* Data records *
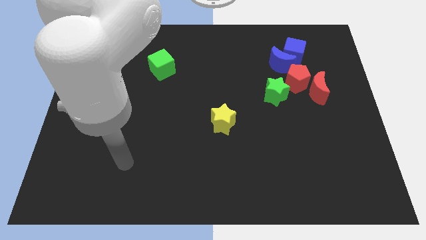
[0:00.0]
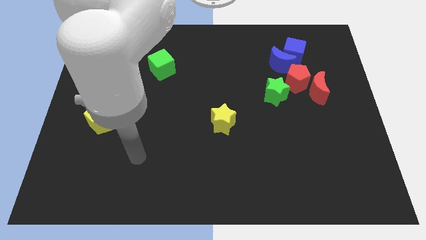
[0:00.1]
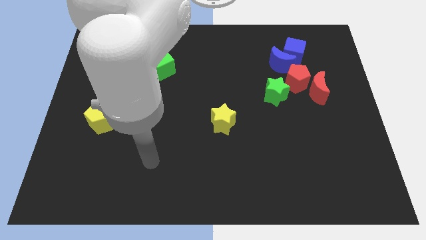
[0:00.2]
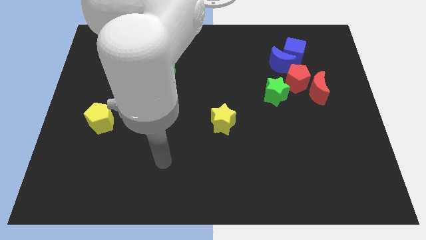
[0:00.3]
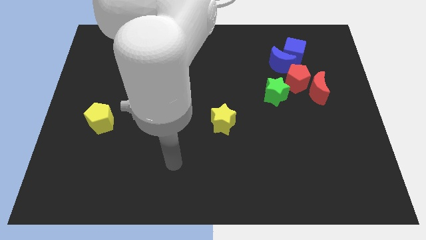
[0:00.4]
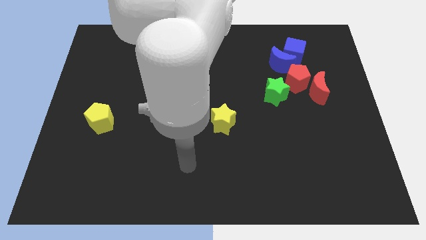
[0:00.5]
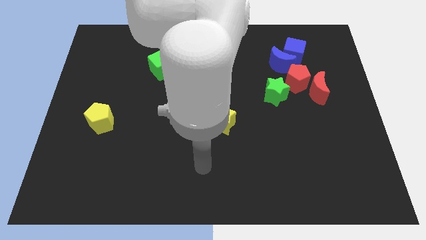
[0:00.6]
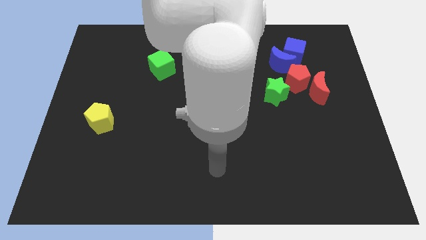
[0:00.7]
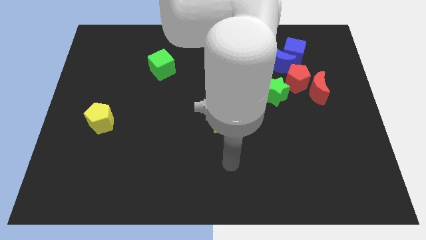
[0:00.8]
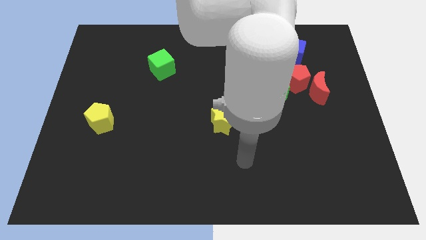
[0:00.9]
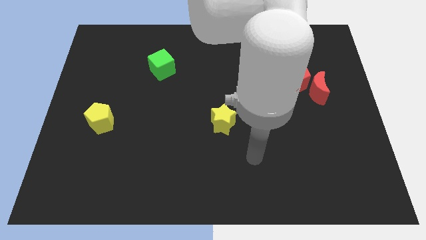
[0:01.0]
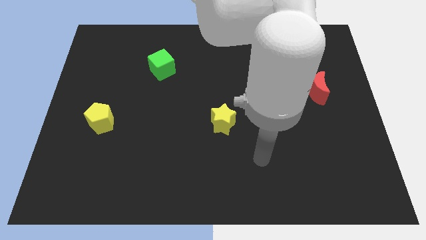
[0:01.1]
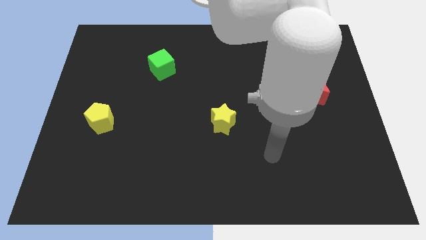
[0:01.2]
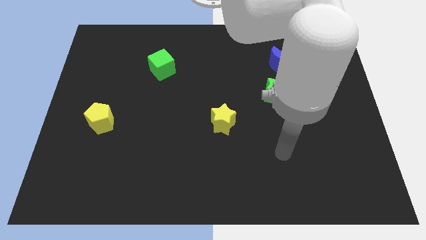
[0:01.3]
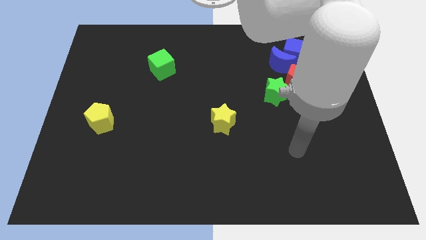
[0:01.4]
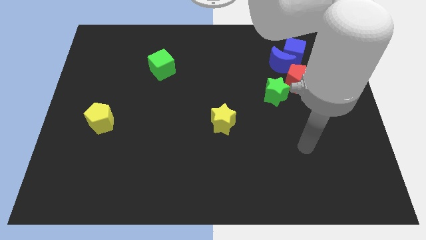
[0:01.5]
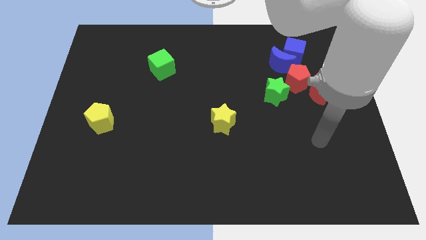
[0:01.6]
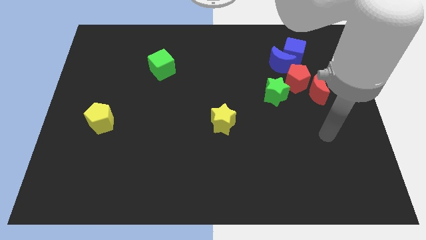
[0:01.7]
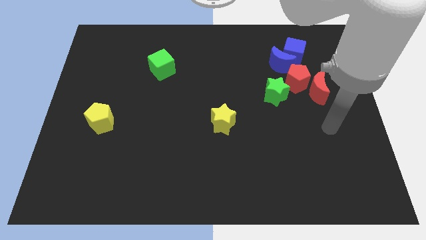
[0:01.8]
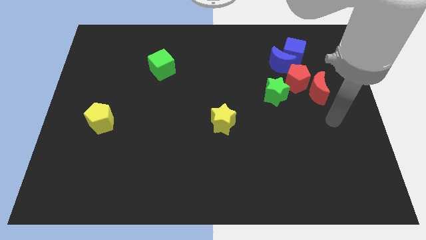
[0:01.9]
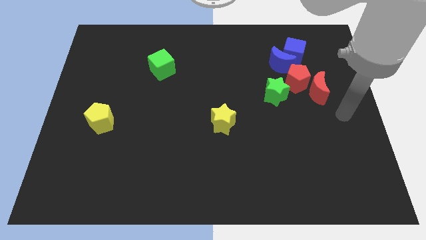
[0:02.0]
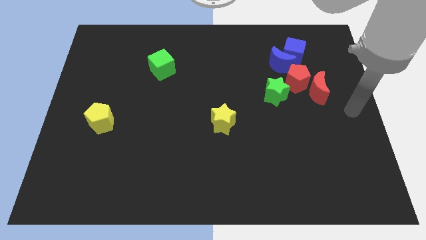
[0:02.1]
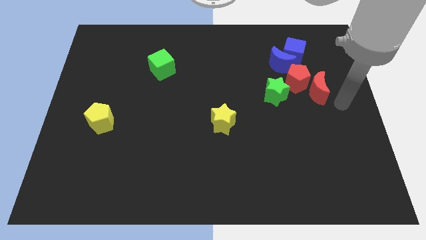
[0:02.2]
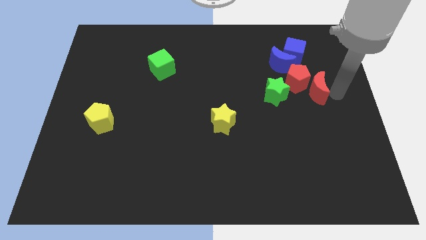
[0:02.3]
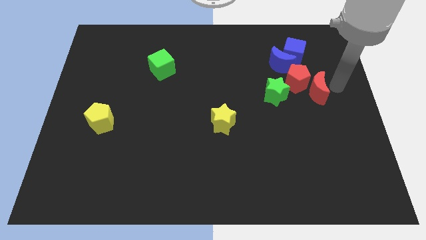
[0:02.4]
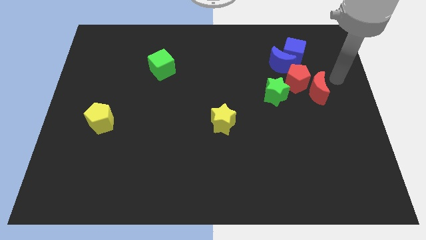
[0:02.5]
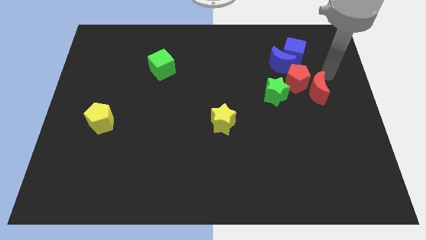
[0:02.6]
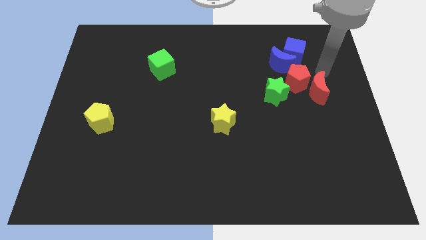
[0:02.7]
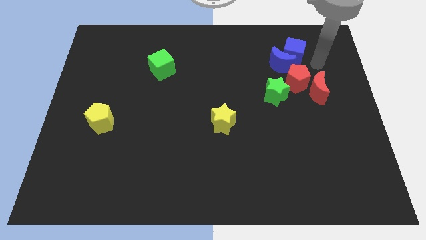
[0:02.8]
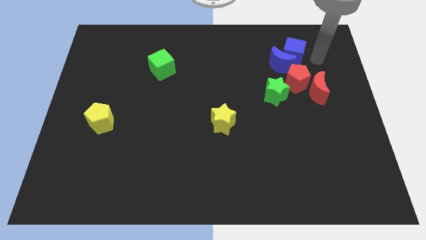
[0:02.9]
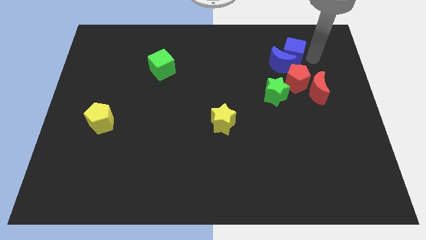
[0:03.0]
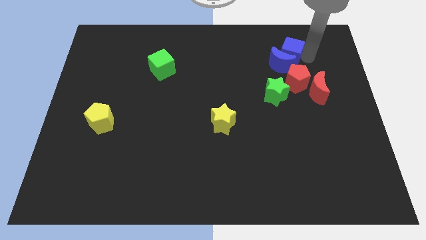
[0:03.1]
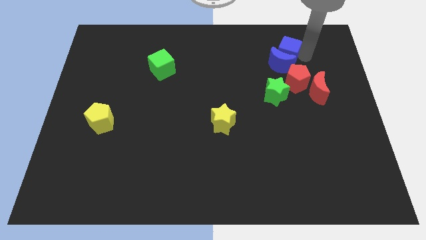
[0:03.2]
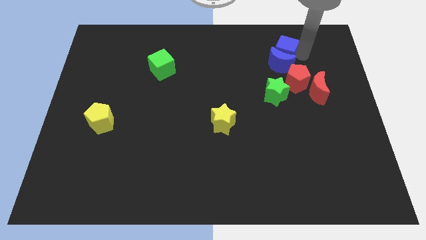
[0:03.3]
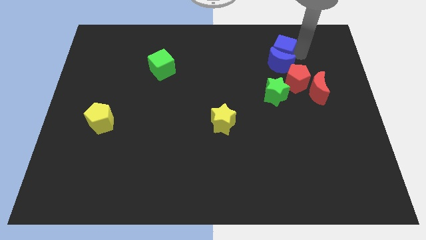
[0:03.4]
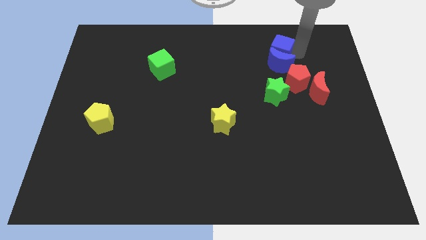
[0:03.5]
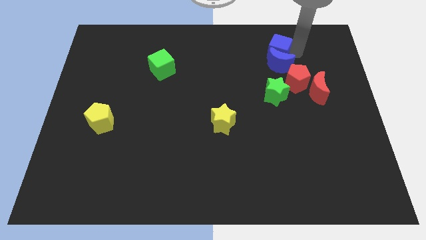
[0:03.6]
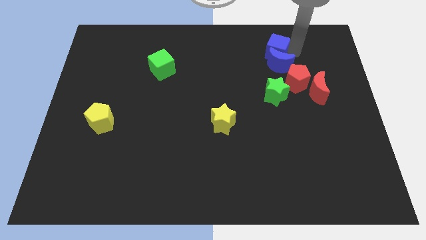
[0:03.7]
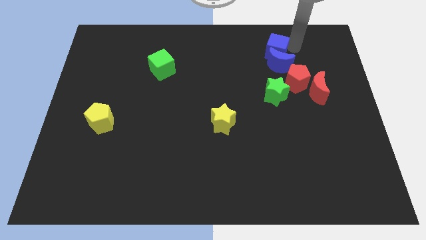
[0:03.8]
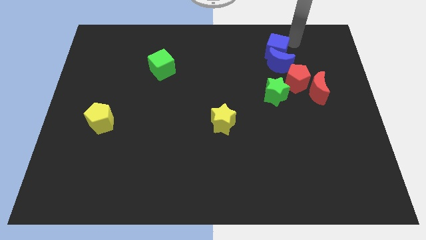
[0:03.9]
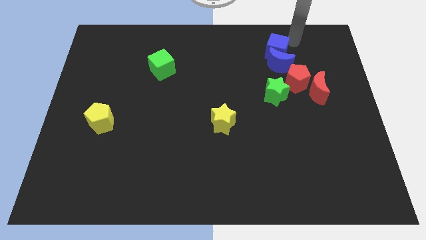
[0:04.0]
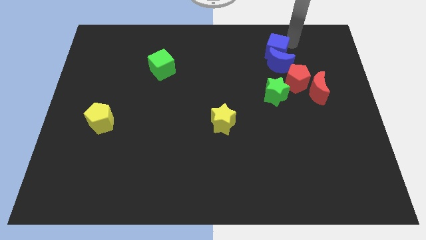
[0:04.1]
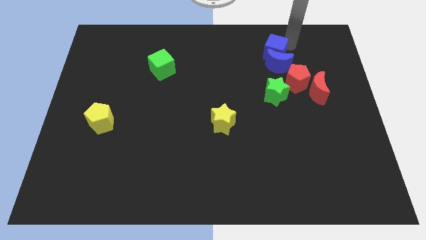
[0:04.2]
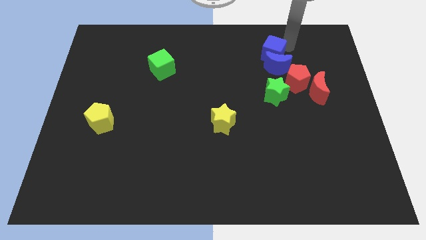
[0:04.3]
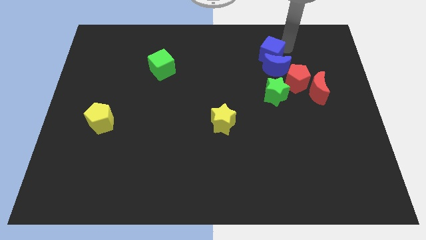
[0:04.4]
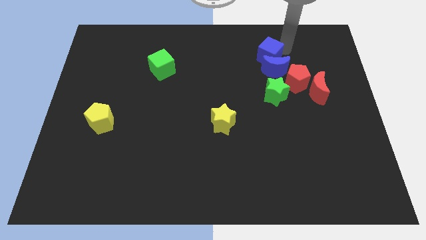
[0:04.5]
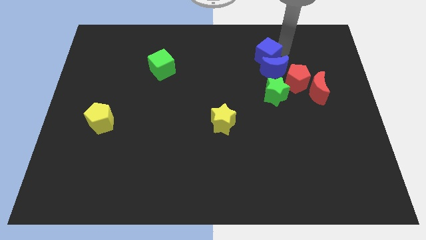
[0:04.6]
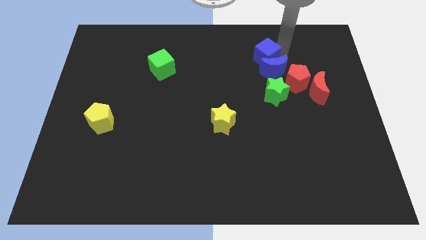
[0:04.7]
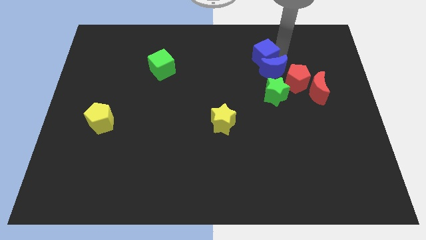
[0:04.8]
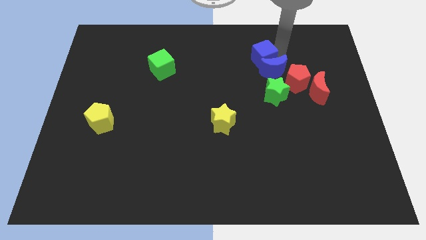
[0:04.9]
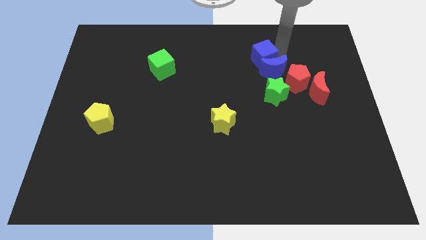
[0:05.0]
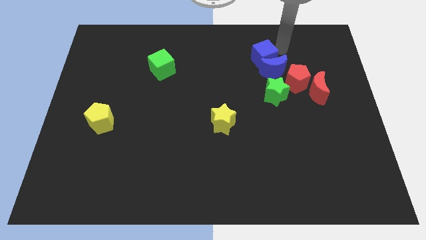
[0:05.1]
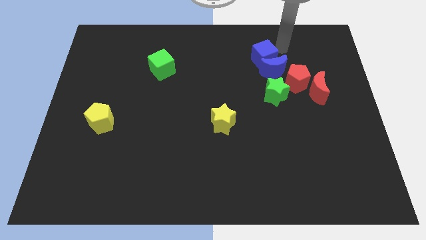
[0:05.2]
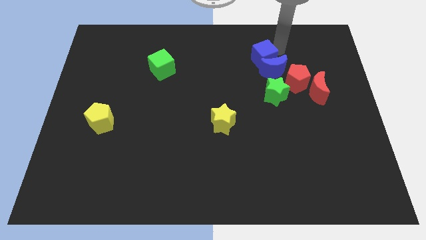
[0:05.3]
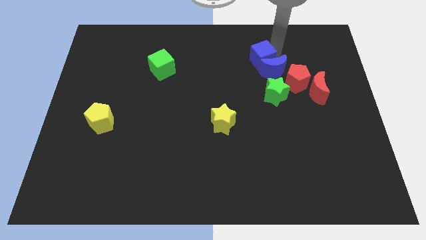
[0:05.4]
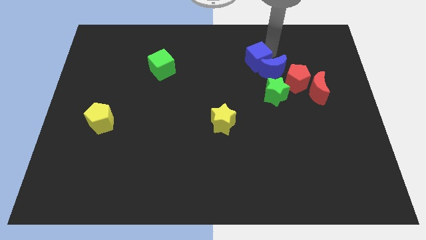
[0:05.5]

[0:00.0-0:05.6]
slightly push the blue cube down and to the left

* TASK DIRECTIONS *
Each record above should be copied character for character, with pictures dropped.

* SOLUTION TO THE EXERCISE *
[0:00.0]
[0:00.1]
[0:00.2]
[0:00.3]
[0:00.4]
[0:00.5]
[0:00.6]
[0:00.7]
[0:00.8]
[0:00.9]
[0:01.0]
[0:01.1]
[0:01.2]
[0:01.3]
[0:01.4]
[0:01.5]
[0:01.6]
[0:01.7]
[0:01.8]
[0:01.9]
[0:02.0]
[0:02.1]
[0:02.2]
[0:02.3]
[0:02.4]
[0:02.5]
[0:02.6]
[0:02.7]
[0:02.8]
[0:02.9]
[0:03.0]
[0:03.1]
[0:03.2]
[0:03.3]
[0:03.4]
[0:03.5]
[0:03.6]
[0:03.7]
[0:03.8]
[0:03.9]
[0:04.0]
[0:04.1]
[0:04.2]
[0:04.3]
[0:04.4]
[0:04.5]
[0:04.6]
[0:04.7]
[0:04.8]
[0:04.9]
[0:05.0]
[0:05.1]
[0:05.2]
[0:05.3]
[0:05.4]
[0:05.5]

[0:00.0-0:05.6]
slightly push the blue cube down and to the left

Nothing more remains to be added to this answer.